Le priorità per il prossimo anno indicano due direttrici principali: nuove aree di prodotto e formazione aggiuntiva sulla capacità di consiglio. I nuovi servizi restano rilevanti ma non dominanti. Restano ai margini temi come ampliamento degli spazi, programmi di fidelizzazione, incremento del personale, e-commerce e supporto ai pazienti fragili.
C’è una differenza interna tra i cluster: le high si proiettano sui nuovi servizi, le low investono soprattutto sulla formazione al consiglio. Una visione condivisa della direzione, con ritmi e partenze diverse.

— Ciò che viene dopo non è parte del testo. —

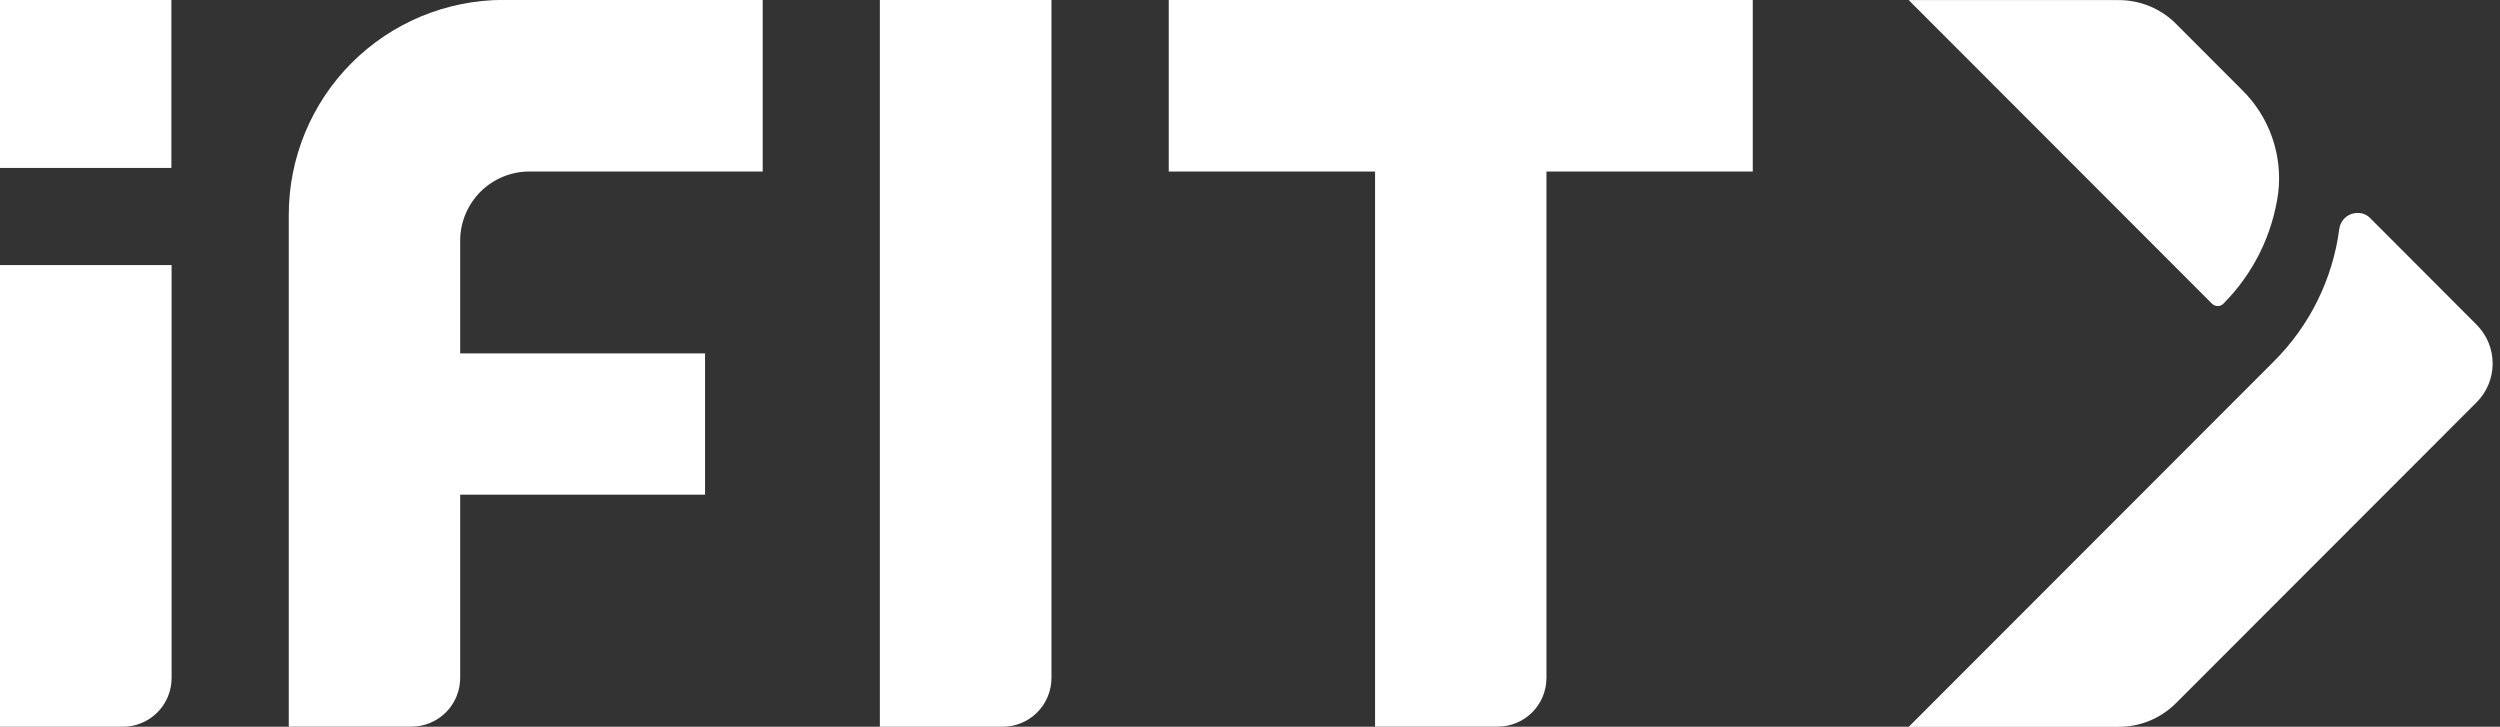 <svg width="258" height="75" viewBox="0 0 258 75" fill="none" xmlns="http://www.w3.org/2000/svg">
<rect x="0" y="0" width="258" height="75" fill="#333333" stroke="none"/>
<g clip-path="url(#clip0_3881_310)">
<path d="M12.646 75.001H0V27.355H17.709V69.969C17.709 70.633 17.578 71.29 17.323 71.902C17.068 72.514 16.695 73.07 16.224 73.538C15.754 74.006 15.195 74.376 14.581 74.627C13.967 74.878 13.309 75.005 12.646 75.001V75.001ZM17.688 17.334V0.001H-0.021V17.334H17.688ZM108.511 69.969V0.001H90.802V75.001H103.459C104.121 75.002 104.777 74.873 105.389 74.621C106.001 74.369 106.558 73.999 107.027 73.531C107.496 73.064 107.868 72.509 108.123 71.898C108.378 71.287 108.509 70.632 108.511 69.969V69.969ZM180.886 17.699V-0.01H120.615V17.699H141.907V74.99H154.563C155.897 74.99 157.177 74.46 158.12 73.517C159.064 72.573 159.594 71.293 159.594 69.959V17.699H180.886ZM78.709 17.699V-0.01H51.969C46.089 -0.007 40.451 2.331 36.294 6.489C32.138 10.648 29.802 16.287 29.802 22.167V74.99H42.448C43.11 74.992 43.765 74.862 44.377 74.61C44.988 74.358 45.544 73.988 46.013 73.52C46.481 73.053 46.852 72.498 47.106 71.887C47.359 71.276 47.49 70.621 47.49 69.959V51.053H72.761V36.469H47.49V24.844C47.49 22.949 48.243 21.132 49.583 19.791C50.923 18.451 52.741 17.699 54.636 17.699H78.709Z" fill="white"/>
<path d="M229.459 31.333C229.383 31.414 229.291 31.479 229.189 31.522C229.086 31.565 228.976 31.586 228.865 31.583C228.652 31.58 228.448 31.499 228.292 31.354V31.354L196.979 0.01H218.657C219.754 0.009 220.84 0.225 221.854 0.645C222.867 1.065 223.788 1.681 224.563 2.458L231.365 9.27C232.76 10.637 233.824 12.305 234.474 14.147C235.124 15.989 235.343 17.955 235.115 19.895C234.527 24.222 232.54 28.239 229.459 31.333V31.333ZM244.625 22.531C244.318 22.202 243.897 22.005 243.448 21.979H243.354C242.887 21.964 242.43 22.123 242.072 22.425C241.714 22.727 241.481 23.15 241.417 23.614C240.738 28.803 238.357 33.621 234.646 37.312L196.979 75.01H218.657C219.754 75.011 220.84 74.795 221.854 74.375C222.867 73.955 223.788 73.339 224.563 72.562L255.584 41.52C256.645 40.458 257.242 39.017 257.242 37.515C257.242 36.013 256.645 34.572 255.584 33.51L244.625 22.531Z" fill="white"/>
</g>
<defs>
<clipPath id="clip0_3881_310">
<rect width="257.229" height="75" fill="white"/>
</clipPath>
</defs>
</svg>
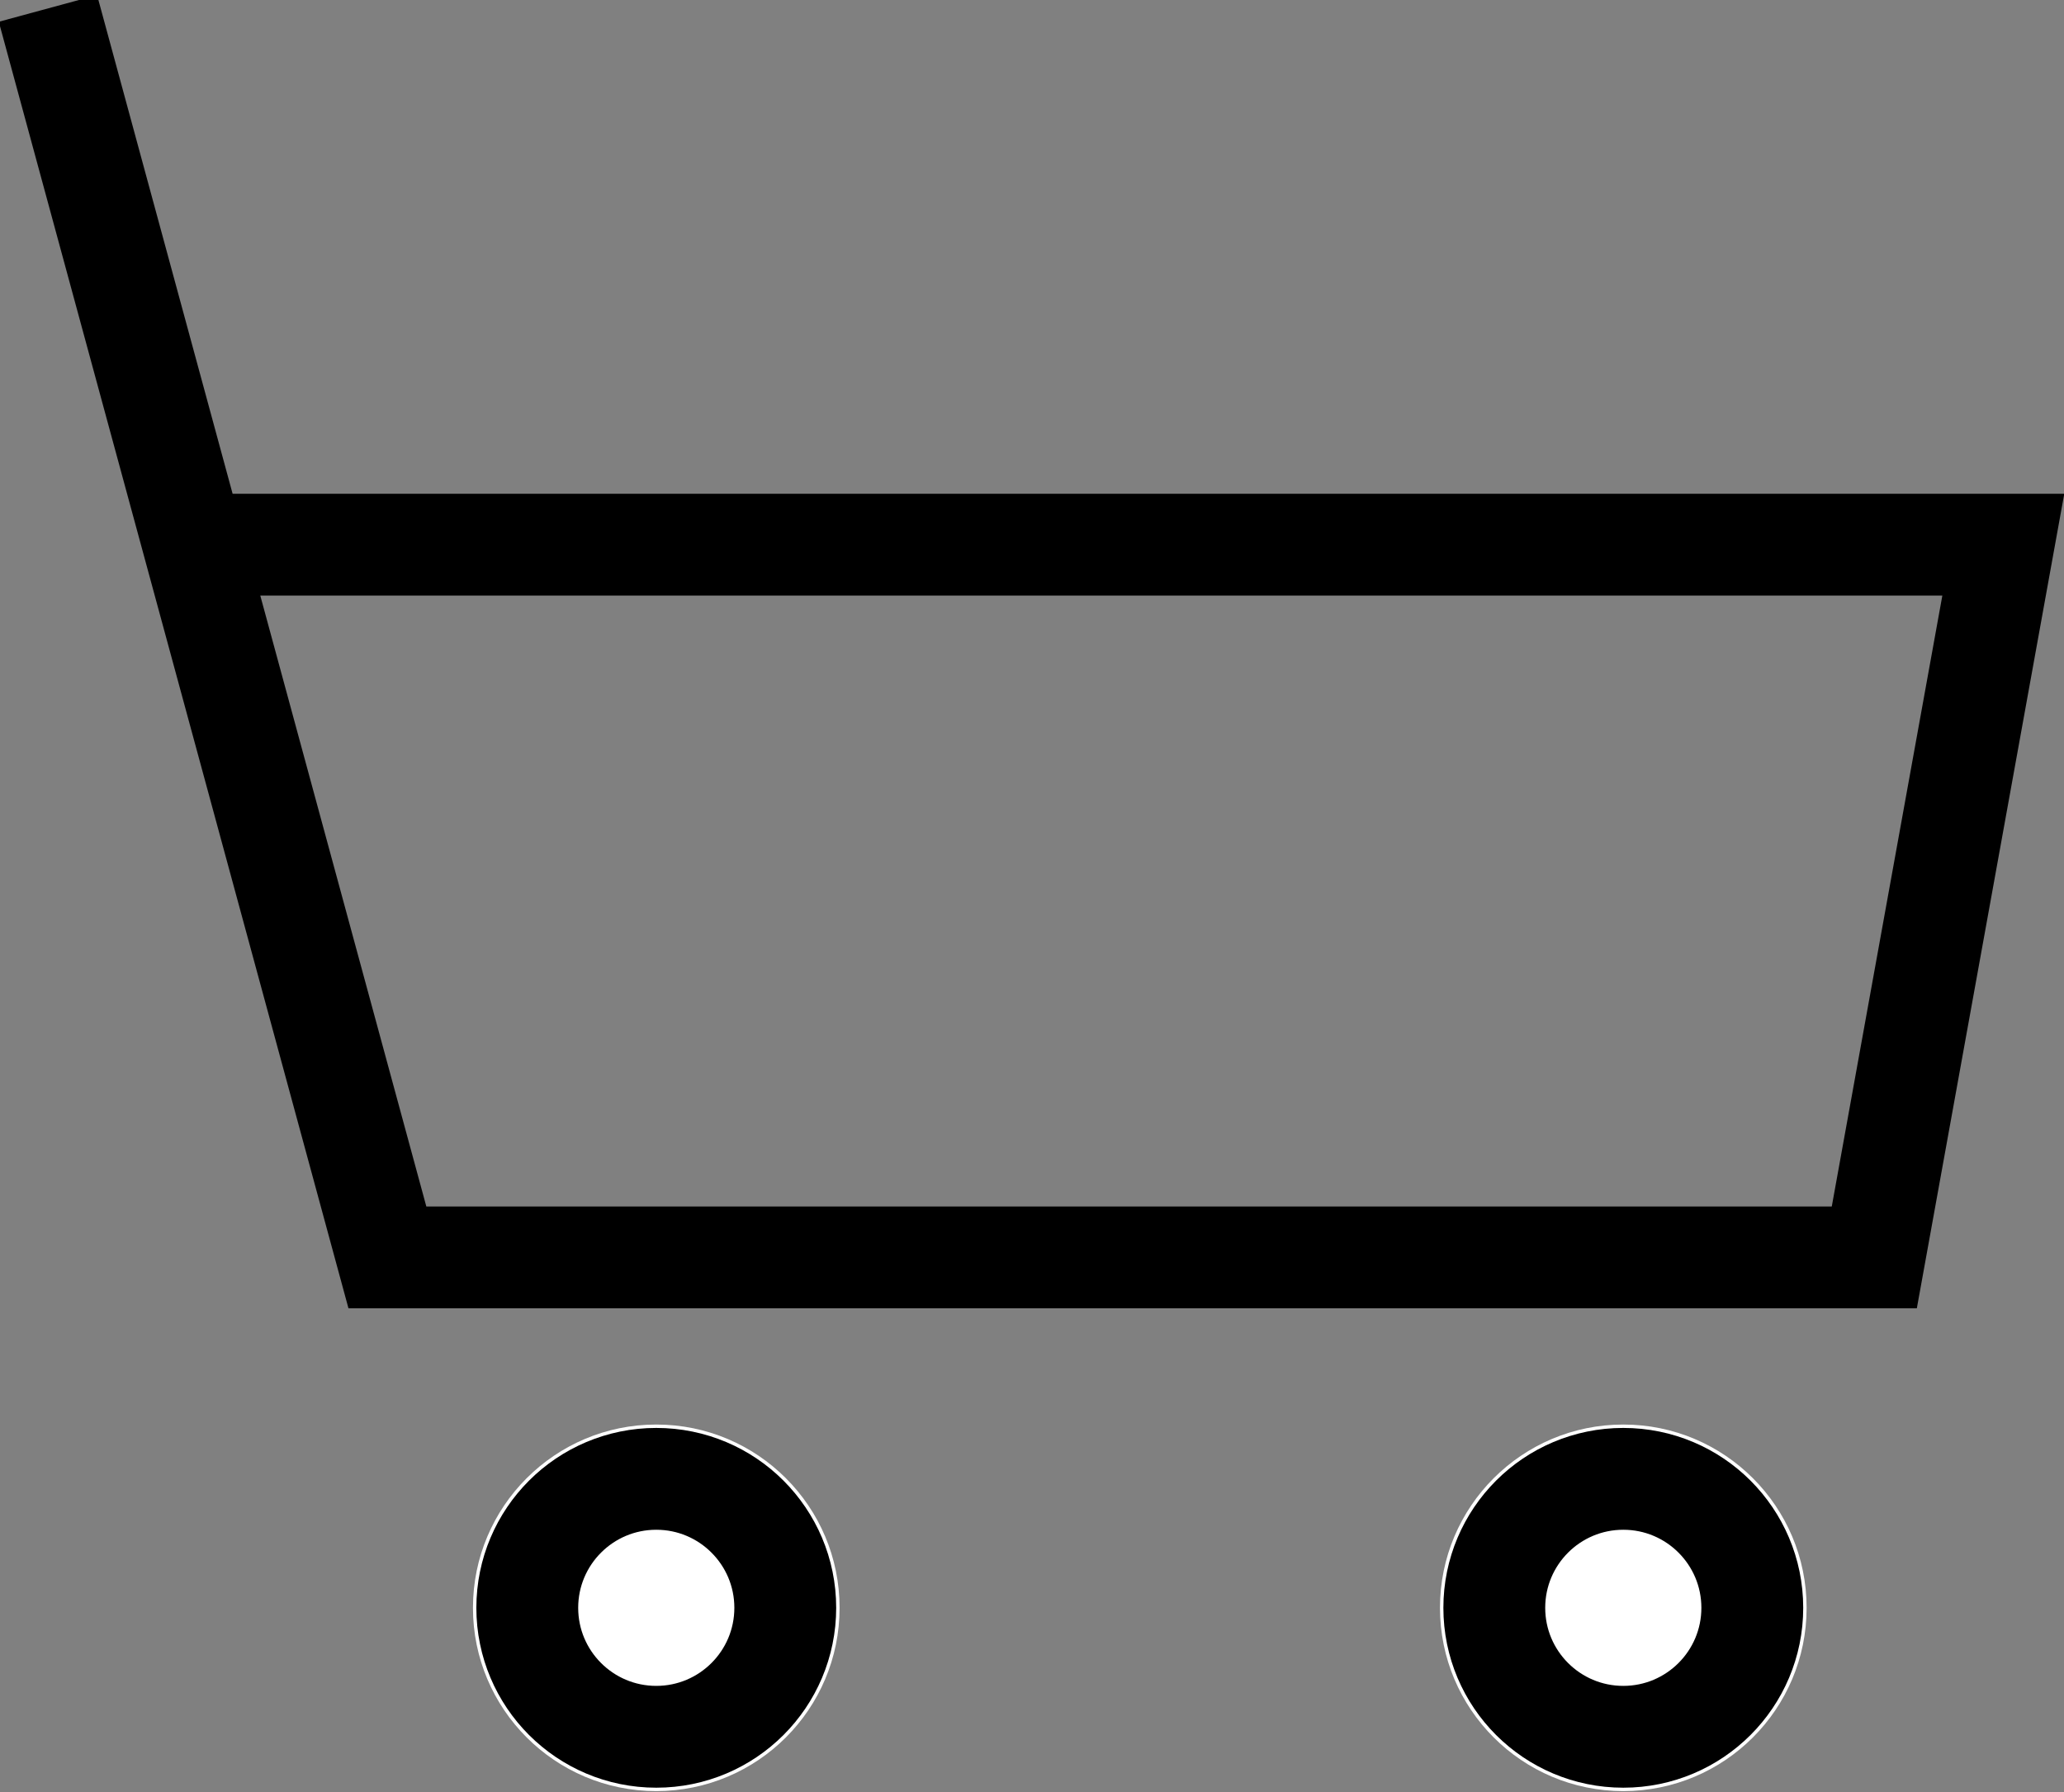 <?xml version="1.0" encoding="utf-8"?>
<!-- Generator: Adobe Illustrator 23.0.4, SVG Export Plug-In . SVG Version: 6.00 Build 0)  -->
<svg version="1.1" id="Layer_1" xmlns="http://www.w3.org/2000/svg" xmlns:xlink="http://www.w3.org/1999/xlink" x="0px" y="0px"
	 viewBox="0 0 30.4 26.4" style="enable-background:new 0 0 30.4 26.4;" xml:space="preserve">
<rect x="0" y="0" width="30.4" height="26.4" fill="#808080" stroke="none"/>
<style type="text/css">
	.st0{fill:none;stroke:#000000;stroke-width:1.5;}
	.st1{fill:#FFFFFF;}
</style>
<g id="Menuikon2" transform="translate(-342.958 -33.955)">
	<g id="Group_3" transform="translate(-2.436 -2.221)">
		<path id="Path_18" class="st0" d="M348.1,44.2h26.8L373,54.7h-21.9l-5-18.4"/>
		<g id="Ellipse_11" transform="translate(352.36 57.262)">
			<circle class="st1" cx="2.7" cy="2.6" r="2.7"/>
			<circle class="st0" cx="2.7" cy="2.6" r="1.9"/>
		</g>
		<g id="Ellipse_12" transform="translate(366.603 57.262)">
			<circle class="st1" cx="2.7" cy="2.6" r="2.7"/>
			<circle class="st0" cx="2.7" cy="2.6" r="1.9"/>
		</g>
	</g>
</g>
</svg>

Cosa dice l’indagine, in sintesi

La farmacia italiana è cambiata, ma non ha ancora completato la propria evoluzione. La telemedicina è entrata nell’offerta. I test diagnostici sono diffusi. La formazione è diventata routine. La consulenza resta centrale. Ma il salto di qualità non dipenderà dall’aggiungere servizi a catalogo. Dipenderà da tre cose: leggere meglio i bisogni del territorio; costruire una relazione più strutturata e operativa con i medici locali; trasformare il consiglio del farmacista in un asset professionale, non solo commerciale.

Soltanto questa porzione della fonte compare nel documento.